** Opening The data block **

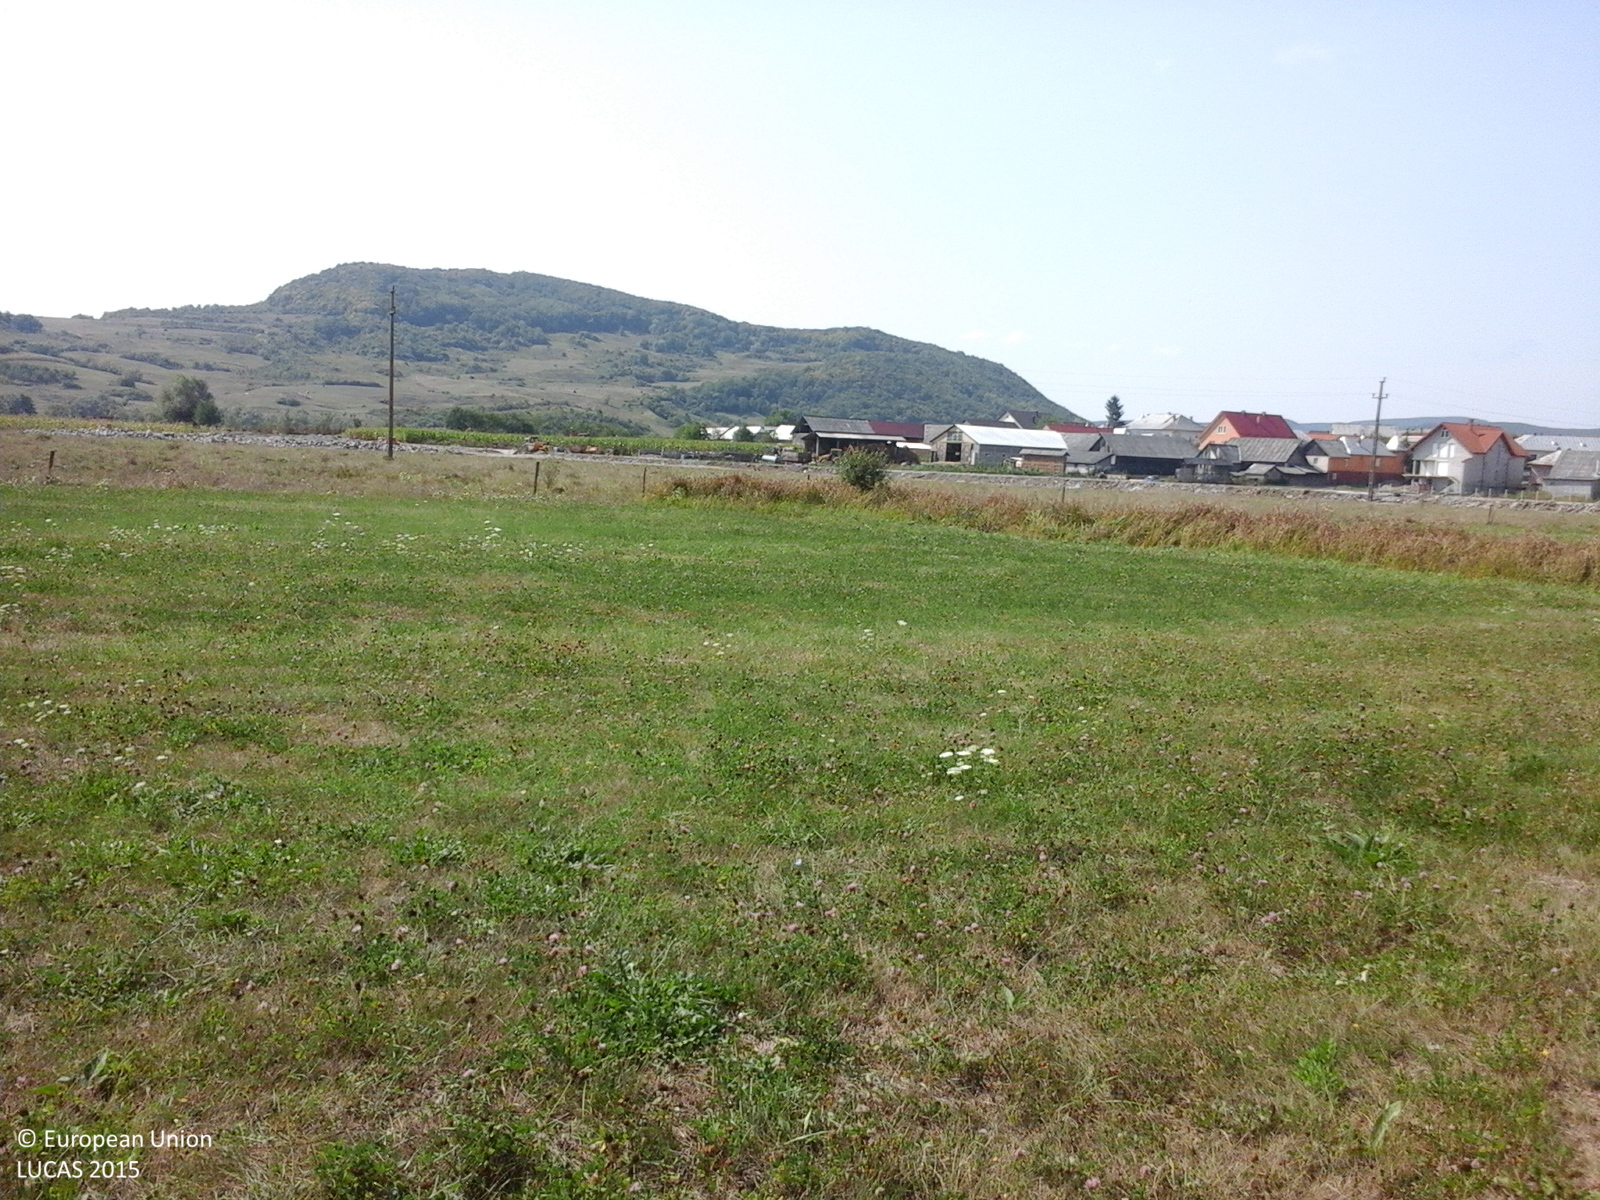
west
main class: Grassland
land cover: Grassland without tree/shrub cover
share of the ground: > 75 %
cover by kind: herbaceous plants 100 %
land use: Agriculture (excluding fallow land and kitchen gardens)
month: September
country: RO
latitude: 47.2317
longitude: 24.1514
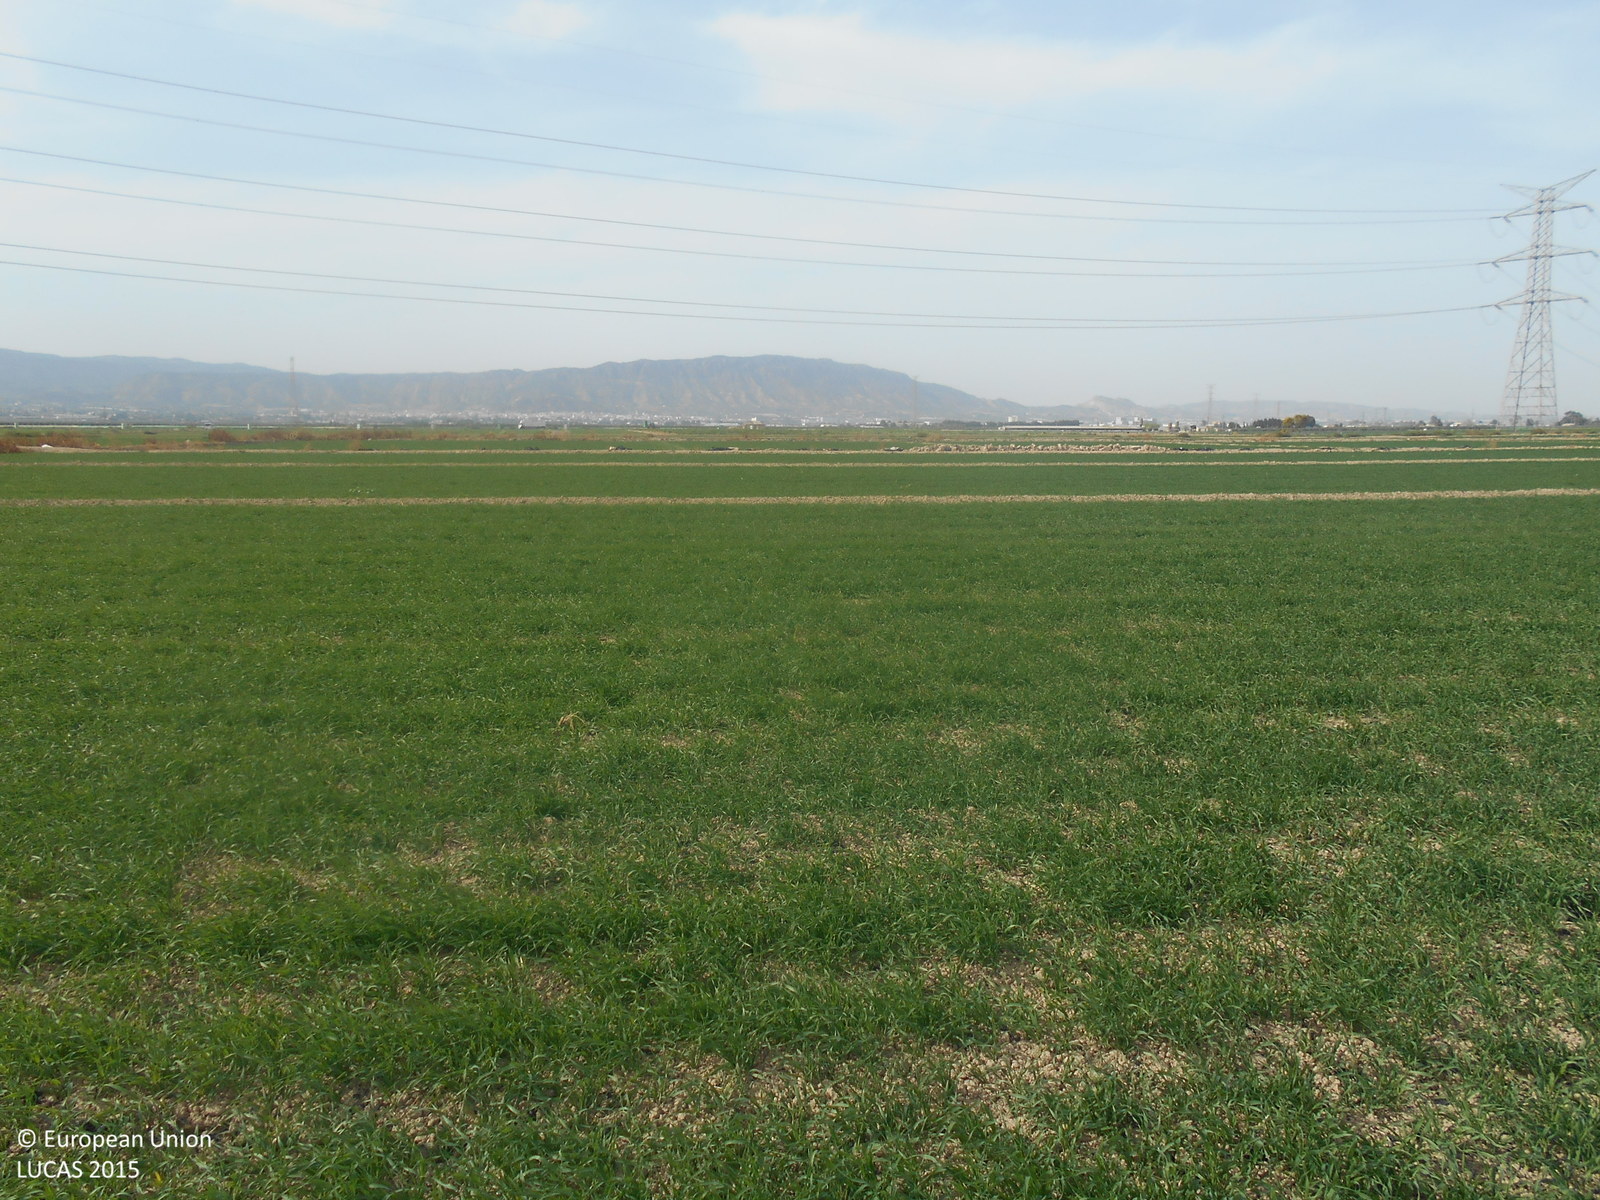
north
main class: Cropland
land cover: Barley
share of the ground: > 75 %
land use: Agriculture (excluding fallow land and kitchen gardens)
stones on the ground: < 10 %
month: April
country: ES
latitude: 37.7920
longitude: -1.3953

** Closing The data block **

> **Task requirements**
Leave the images out and print each entry exactly.

> **Exercise result**
west
main class: Grassland
land cover: Grassland without tree/shrub cover
share of the ground: > 75 %
cover by kind: herbaceous plants 100 %
land use: Agriculture (excluding fallow land and kitchen gardens)
month: September
country: RO
latitude: 47.2317
longitude: 24.1514
north
main class: Cropland
land cover: Barley
share of the ground: > 75 %
land use: Agriculture (excluding fallow land and kitchen gardens)
stones on the ground: < 10 %
month: April
country: ES
latitude: 37.7920
longitude: -1.3953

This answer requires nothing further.